Targa-ConocoPhillips

Terms of the deal were not disclosed, but analysts estimated the transaction's value at $200-300 million. Targa and ConocoPhillips already received all necessary regulatory approvals. The transaction is expected to close this month.

The Texas assets involve an integrated gathering and processing system with 1,200 mile of pipelines covering parts of eight counties from San Angelo to Big Springs.

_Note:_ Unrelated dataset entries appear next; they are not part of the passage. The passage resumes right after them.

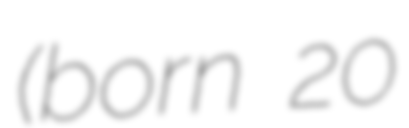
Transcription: (born 20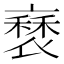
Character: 𧛿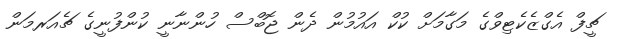
ޗީފް އެގްޒެކެޓިވްގެ މަގާމަށް ކުކް އައުމުން ދެން ޖޮބްސް ހުންނާނީ ކުންފުނީގެ ޗެއަރމަން

The Louisiana assets involve an integrated gathering and processing system covering 2,000 sq miles.

Targa Resources was formed last year to acquire gas gathering, processing, and pipeline assets. Targa CEO Rene R. Joyce and several executives previously worked together at Tejas Gas Corp., which Shell Oil Co. bought in 1998 for $2.4 billion.

Crosstex Energy-LIG Pipeline Co.

Crosstex's acquisition increases its assets to 4,500 miles of pipeline, 1.2 bcfd of transported volumes, and more than 700 MMcfd of processing capacity.

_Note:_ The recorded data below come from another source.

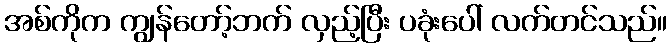
အစ်ကိုက ကျွန်တော့်ဘက် လှည့်ပြီး ပခုံးပေါ် လက်တင်သည်။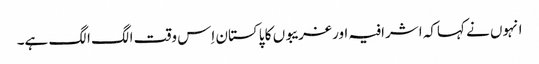
انہوں نے کہاکہ اشرافیہ اور غریبوں کا پاکستان اِس وقت الگ الگ ہے۔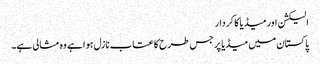
الیکشن اور میڈیا کا کردار
پاکستان میں میڈیا پر جس طرح کا عتاب نازل ہوا ہے وہ مثالی ہے۔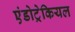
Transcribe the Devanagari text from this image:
एंडोट्रेकियल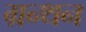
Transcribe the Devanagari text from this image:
ग्रन्थन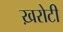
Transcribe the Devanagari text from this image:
ख़रोटी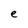
Character: e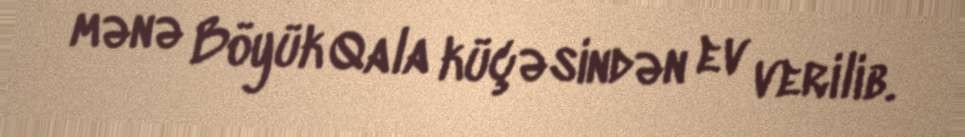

"This asset gives Crosstex a strategic presence all along the Gulf Coast, from South Texas to Mississippi while practically doubling our pipeline footprint," said Crosstex Pres. and CEO Barry E. Davis.

LIG, one of Louisiana's largest intrastate pipelines, has 2,000 miles of gas gathering and transmission systems in 29 parishes.

The company's subsidiaries acquired in the deal were LIG Inc., Louisiana Intrastate Gas Co. LLC, LIG Chemical Co., LIG Liquids Co. LLC, and Tuscaloosa Pipeline Co.